__AIM OF THE EXERCISE__
Take from the material every line that contains the word "align".

__DATA FOR THIS EXERCISE__
────────────────────────────────────────

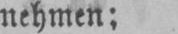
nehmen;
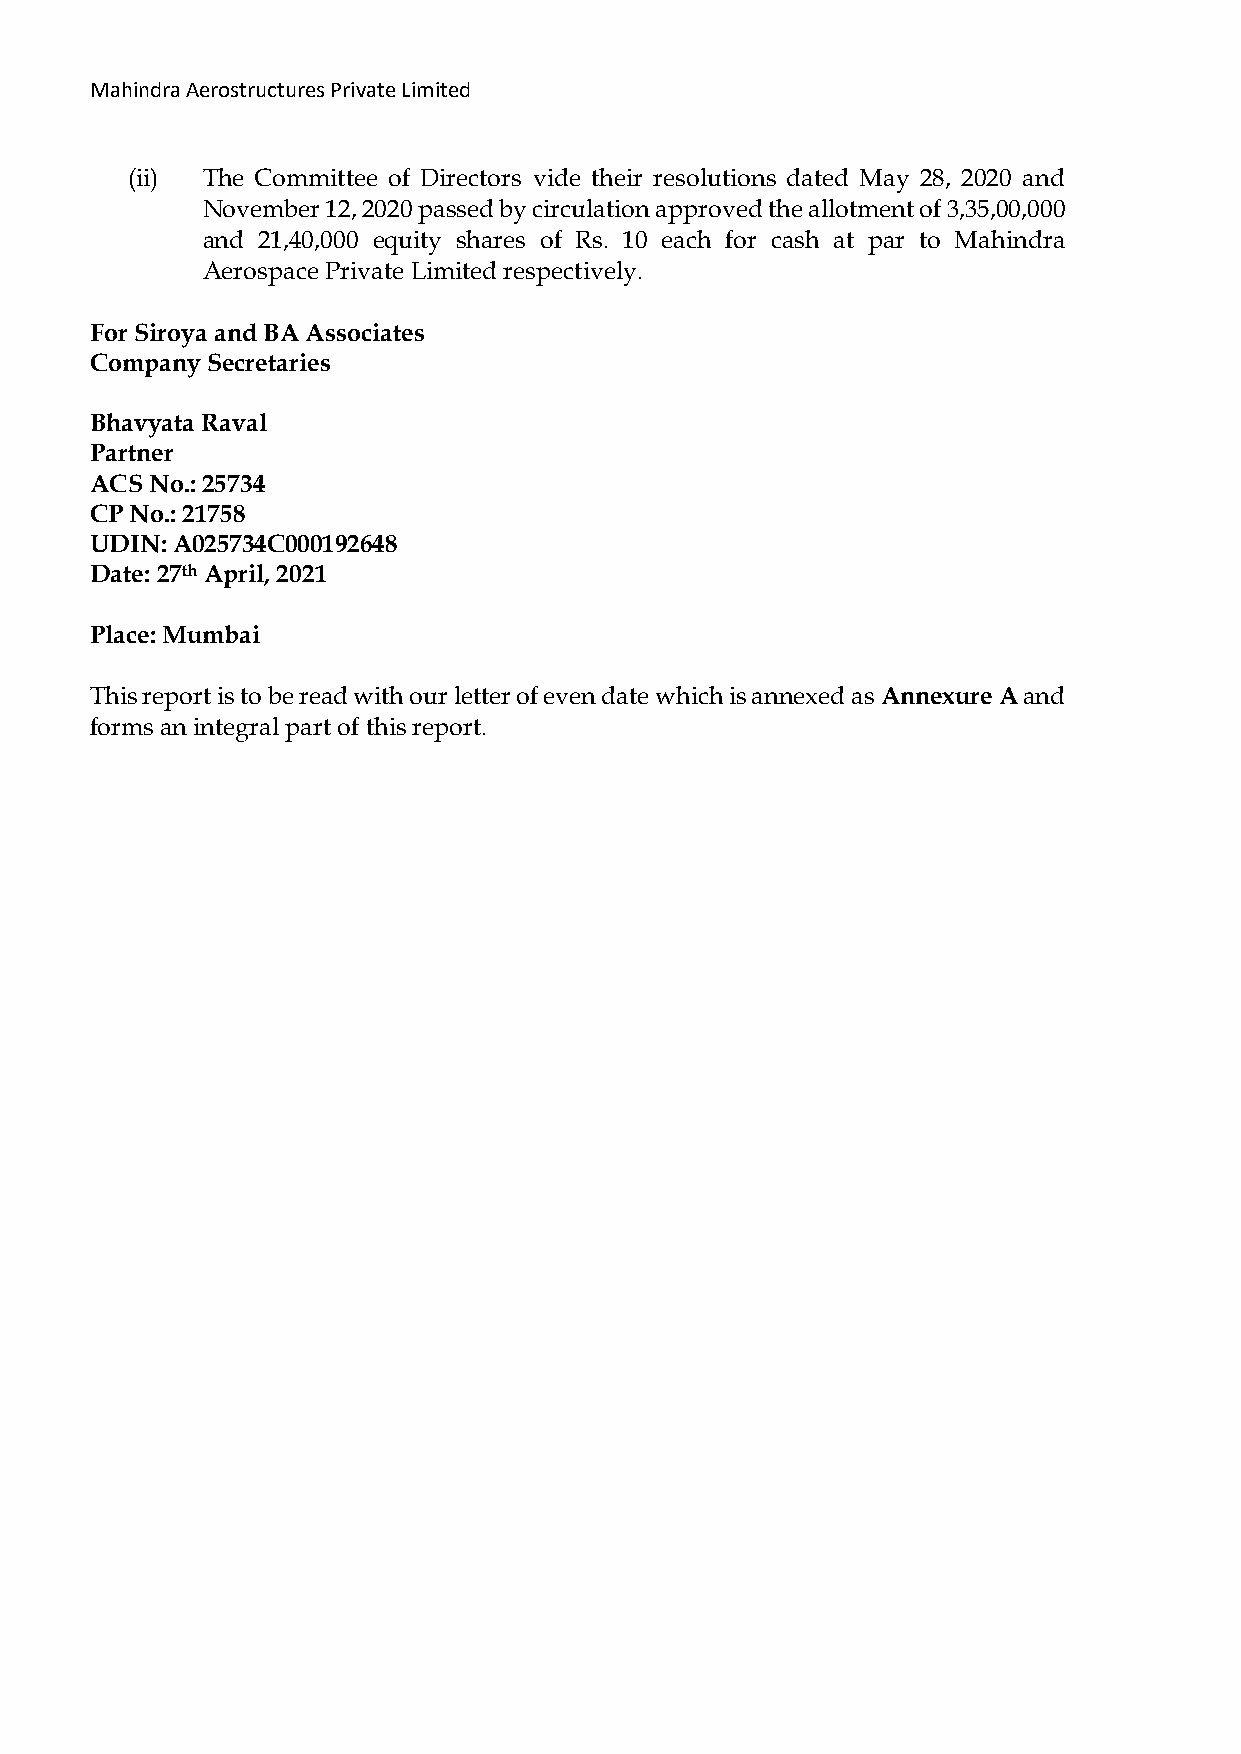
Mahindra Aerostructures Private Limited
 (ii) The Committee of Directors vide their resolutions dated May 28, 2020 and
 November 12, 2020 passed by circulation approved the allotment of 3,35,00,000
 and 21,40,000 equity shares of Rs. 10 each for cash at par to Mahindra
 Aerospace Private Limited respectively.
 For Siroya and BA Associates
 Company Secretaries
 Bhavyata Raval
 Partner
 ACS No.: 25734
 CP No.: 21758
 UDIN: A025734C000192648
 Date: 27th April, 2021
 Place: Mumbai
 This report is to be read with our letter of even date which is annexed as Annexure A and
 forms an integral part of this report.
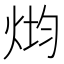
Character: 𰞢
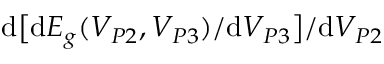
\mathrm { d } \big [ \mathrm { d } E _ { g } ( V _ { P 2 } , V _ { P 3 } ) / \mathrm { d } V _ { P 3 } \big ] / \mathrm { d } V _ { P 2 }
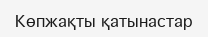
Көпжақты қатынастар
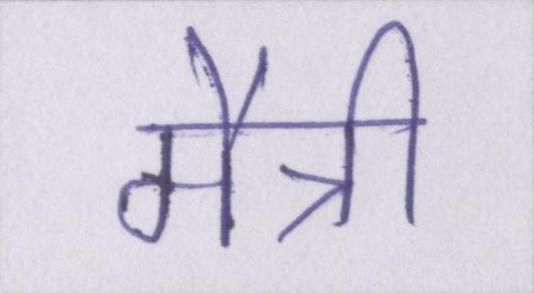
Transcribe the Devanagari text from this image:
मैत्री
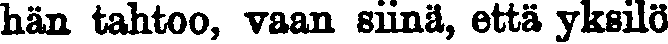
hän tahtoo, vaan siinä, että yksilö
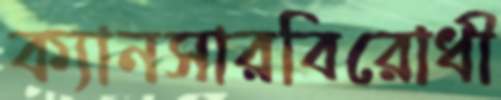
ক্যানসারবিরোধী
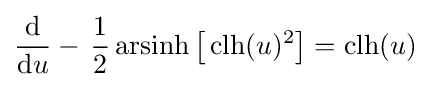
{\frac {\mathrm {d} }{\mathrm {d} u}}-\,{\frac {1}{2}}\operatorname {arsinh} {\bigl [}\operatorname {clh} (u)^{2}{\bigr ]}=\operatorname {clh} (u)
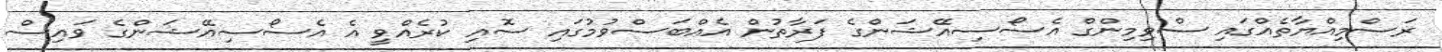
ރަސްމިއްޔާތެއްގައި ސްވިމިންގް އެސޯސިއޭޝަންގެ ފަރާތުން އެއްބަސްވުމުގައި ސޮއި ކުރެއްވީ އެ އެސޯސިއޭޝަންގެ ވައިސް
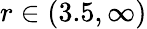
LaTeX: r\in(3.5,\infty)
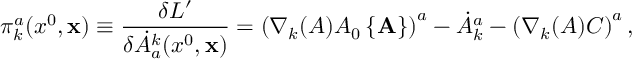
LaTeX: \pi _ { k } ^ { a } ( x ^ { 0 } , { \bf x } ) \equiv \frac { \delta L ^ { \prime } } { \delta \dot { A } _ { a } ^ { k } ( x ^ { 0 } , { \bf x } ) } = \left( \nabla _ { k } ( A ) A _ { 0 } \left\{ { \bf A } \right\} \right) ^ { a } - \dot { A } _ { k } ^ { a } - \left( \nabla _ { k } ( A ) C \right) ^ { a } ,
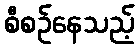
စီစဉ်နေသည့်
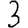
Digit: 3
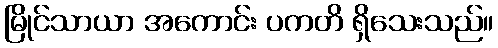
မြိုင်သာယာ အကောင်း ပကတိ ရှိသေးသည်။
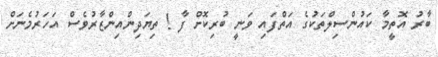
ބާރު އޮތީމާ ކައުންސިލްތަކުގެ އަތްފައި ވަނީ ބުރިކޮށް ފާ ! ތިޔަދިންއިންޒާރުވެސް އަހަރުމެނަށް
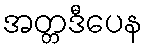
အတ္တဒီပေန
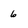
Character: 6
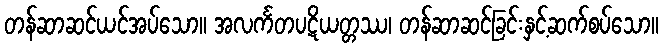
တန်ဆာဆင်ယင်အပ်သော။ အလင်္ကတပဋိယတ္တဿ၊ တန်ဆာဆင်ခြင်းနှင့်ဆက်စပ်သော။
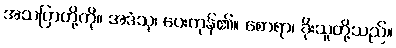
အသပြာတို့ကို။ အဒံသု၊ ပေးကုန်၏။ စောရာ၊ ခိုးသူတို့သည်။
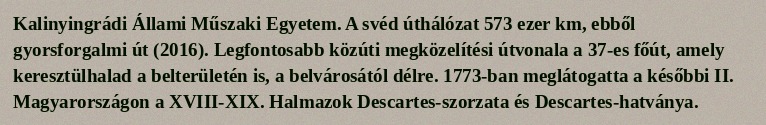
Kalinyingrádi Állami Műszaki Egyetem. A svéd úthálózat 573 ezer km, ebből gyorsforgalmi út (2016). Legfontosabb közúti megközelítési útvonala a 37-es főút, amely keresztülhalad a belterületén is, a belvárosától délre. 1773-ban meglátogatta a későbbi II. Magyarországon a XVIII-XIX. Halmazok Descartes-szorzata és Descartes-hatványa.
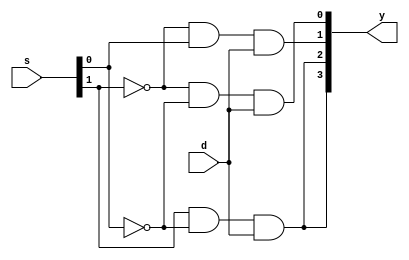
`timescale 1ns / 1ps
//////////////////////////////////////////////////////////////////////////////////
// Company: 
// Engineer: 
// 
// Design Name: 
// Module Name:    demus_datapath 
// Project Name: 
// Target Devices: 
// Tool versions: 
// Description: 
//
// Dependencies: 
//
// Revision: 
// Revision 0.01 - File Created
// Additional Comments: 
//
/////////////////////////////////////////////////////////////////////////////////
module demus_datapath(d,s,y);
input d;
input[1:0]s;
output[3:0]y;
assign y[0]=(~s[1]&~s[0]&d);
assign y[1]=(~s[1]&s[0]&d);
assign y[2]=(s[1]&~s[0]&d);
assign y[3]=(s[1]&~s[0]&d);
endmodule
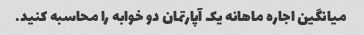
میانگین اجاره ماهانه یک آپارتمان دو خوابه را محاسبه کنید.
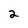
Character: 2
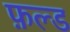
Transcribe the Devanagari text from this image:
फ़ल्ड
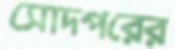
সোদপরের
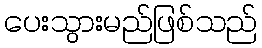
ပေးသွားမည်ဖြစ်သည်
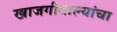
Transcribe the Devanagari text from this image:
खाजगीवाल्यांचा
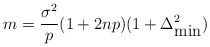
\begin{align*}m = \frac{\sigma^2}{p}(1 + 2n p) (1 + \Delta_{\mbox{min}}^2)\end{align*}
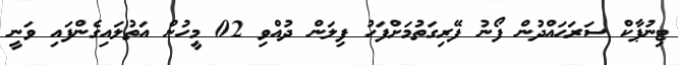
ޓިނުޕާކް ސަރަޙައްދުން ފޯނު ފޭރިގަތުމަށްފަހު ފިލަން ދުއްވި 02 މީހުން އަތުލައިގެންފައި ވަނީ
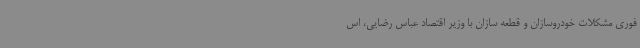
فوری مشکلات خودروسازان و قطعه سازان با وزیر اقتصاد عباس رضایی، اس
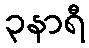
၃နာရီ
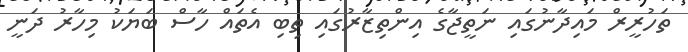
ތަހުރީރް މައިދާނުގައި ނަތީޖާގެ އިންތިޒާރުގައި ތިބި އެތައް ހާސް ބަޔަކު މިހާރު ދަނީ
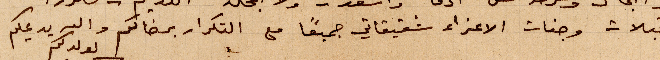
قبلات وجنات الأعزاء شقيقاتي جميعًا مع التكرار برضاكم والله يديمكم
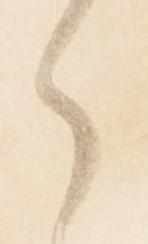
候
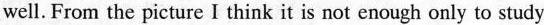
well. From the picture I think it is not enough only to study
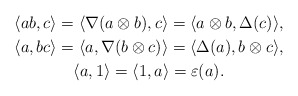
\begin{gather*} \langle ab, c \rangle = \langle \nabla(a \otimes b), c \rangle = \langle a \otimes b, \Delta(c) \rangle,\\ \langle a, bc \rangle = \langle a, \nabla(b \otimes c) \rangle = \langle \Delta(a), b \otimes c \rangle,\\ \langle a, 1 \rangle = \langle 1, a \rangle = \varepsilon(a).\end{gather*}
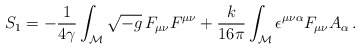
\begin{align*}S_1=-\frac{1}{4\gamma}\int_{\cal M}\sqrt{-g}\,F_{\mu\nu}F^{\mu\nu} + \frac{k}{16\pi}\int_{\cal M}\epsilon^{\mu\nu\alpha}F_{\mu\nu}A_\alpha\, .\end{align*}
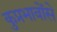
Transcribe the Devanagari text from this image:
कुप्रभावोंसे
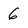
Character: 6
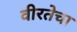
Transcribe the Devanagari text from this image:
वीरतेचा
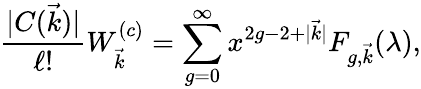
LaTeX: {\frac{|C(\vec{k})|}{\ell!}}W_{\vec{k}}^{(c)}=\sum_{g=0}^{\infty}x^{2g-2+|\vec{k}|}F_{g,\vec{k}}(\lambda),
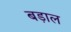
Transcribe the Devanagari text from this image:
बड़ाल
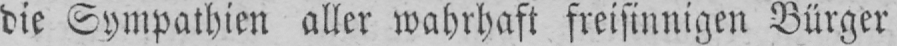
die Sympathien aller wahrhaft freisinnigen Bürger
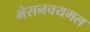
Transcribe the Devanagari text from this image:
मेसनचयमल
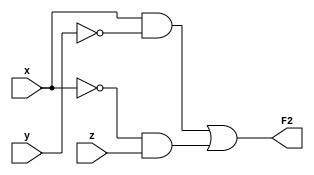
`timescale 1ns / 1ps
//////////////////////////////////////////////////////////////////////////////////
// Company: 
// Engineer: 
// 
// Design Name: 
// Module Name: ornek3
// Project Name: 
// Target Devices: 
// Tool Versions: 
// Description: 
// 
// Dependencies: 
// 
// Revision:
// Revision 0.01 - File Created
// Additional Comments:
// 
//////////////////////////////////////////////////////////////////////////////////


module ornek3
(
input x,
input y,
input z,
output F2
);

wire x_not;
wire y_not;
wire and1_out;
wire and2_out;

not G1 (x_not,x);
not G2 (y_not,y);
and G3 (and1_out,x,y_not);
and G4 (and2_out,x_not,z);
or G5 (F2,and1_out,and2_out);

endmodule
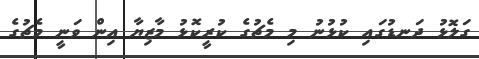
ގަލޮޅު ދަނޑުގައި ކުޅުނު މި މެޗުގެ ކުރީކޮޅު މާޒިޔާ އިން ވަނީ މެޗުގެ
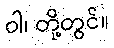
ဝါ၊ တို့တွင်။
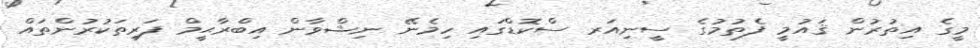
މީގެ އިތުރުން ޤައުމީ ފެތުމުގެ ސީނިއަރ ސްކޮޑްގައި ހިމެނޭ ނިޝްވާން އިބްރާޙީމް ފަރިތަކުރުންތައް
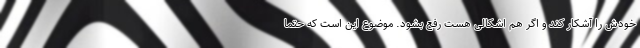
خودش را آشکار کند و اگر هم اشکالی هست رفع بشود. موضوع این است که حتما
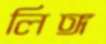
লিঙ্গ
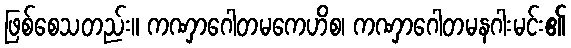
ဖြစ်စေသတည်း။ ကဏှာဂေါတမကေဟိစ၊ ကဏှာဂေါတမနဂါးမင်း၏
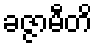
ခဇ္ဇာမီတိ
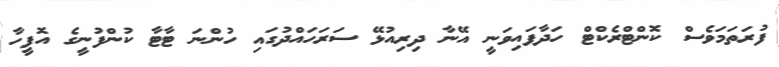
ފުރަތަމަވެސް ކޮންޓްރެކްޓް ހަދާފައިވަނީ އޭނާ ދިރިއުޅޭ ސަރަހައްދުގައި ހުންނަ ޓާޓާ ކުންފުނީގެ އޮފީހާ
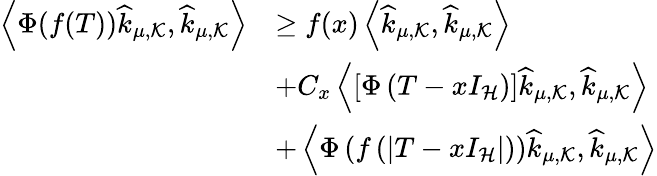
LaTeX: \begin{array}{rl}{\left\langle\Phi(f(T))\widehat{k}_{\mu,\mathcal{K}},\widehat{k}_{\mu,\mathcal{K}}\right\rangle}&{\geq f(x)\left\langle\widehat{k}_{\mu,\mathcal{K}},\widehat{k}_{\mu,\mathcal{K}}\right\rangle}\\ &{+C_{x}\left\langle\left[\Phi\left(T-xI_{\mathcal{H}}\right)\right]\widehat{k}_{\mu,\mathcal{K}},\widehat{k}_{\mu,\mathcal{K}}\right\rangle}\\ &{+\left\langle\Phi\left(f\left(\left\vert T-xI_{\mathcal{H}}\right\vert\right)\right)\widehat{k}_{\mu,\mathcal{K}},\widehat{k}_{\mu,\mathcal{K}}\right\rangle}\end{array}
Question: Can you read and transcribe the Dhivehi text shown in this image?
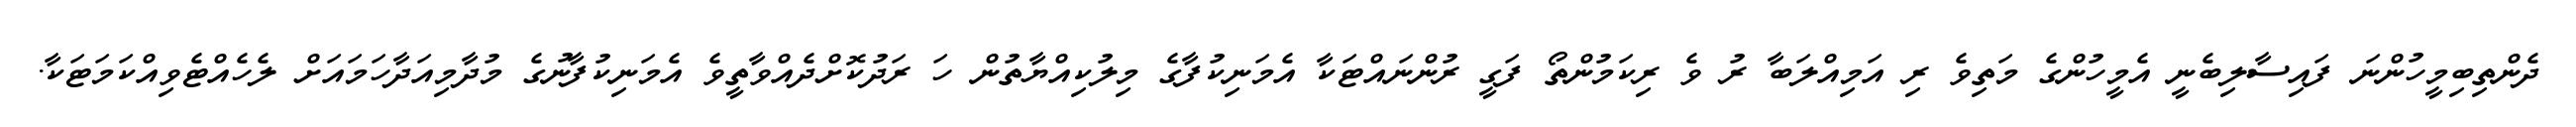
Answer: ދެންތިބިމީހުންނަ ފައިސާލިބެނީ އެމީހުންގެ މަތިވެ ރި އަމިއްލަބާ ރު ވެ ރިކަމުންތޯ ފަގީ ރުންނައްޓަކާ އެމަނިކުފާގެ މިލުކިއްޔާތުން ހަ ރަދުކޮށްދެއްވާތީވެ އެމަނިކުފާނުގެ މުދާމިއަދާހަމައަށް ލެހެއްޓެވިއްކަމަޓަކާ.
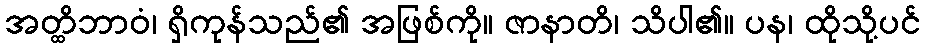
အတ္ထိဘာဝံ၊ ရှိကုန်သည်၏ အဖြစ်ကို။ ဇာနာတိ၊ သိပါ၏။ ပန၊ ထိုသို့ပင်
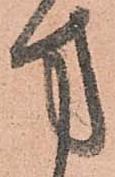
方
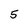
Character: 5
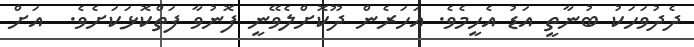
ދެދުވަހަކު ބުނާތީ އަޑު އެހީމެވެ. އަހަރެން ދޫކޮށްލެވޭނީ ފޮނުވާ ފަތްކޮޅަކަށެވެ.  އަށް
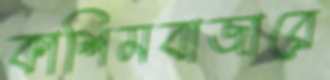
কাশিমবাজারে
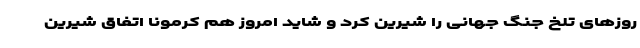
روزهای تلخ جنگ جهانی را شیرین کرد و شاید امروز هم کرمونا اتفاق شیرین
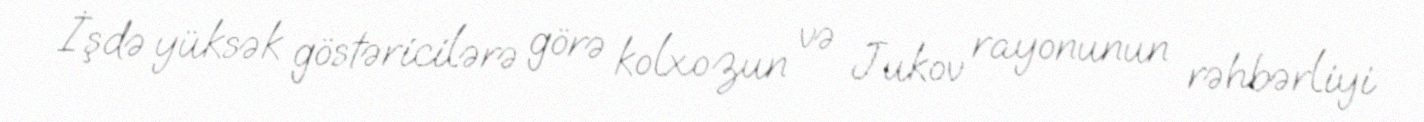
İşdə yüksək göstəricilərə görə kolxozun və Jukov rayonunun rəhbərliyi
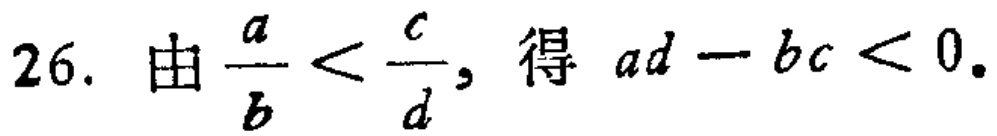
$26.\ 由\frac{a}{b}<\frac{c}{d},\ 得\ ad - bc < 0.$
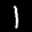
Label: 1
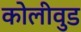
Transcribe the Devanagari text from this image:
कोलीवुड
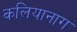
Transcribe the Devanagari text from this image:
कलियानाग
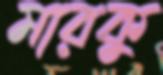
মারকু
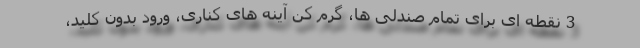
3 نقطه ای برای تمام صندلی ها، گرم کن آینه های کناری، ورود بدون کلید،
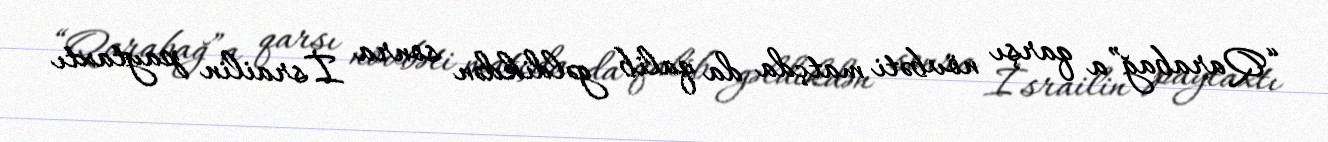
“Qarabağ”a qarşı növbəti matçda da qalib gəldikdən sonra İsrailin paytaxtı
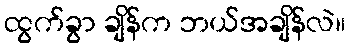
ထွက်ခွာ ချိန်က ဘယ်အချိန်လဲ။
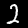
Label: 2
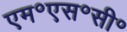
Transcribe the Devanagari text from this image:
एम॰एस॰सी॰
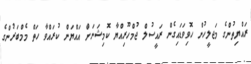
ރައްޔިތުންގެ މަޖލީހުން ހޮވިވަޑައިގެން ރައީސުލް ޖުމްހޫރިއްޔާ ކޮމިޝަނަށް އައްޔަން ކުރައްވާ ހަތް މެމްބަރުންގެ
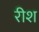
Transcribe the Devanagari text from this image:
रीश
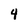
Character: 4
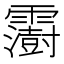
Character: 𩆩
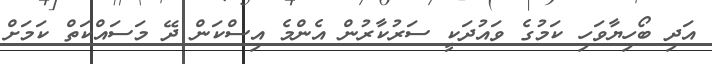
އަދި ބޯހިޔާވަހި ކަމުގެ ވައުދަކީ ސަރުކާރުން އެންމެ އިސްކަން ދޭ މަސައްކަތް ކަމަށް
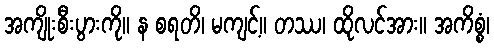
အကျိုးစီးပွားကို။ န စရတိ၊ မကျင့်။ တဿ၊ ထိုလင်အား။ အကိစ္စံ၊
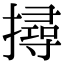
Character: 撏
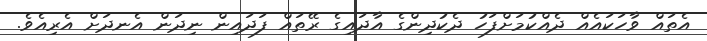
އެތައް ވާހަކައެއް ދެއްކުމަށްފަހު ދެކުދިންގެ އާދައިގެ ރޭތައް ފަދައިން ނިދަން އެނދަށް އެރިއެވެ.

────────────────────────────────────────

__TASK RESULT__
\begin{align*}m = \frac{\sigma^2}{p}(1 + 2n p) (1 + \Delta_{\mbox{min}}^2)\end{align*}
\begin{align*}S_1=-\frac{1}{4\gamma}\int_{\cal M}\sqrt{-g}\,F_{\mu\nu}F^{\mu\nu} + \frac{k}{16\pi}\int_{\cal M}\epsilon^{\mu\nu\alpha}F_{\mu\nu}A_\alpha\, .\end{align*}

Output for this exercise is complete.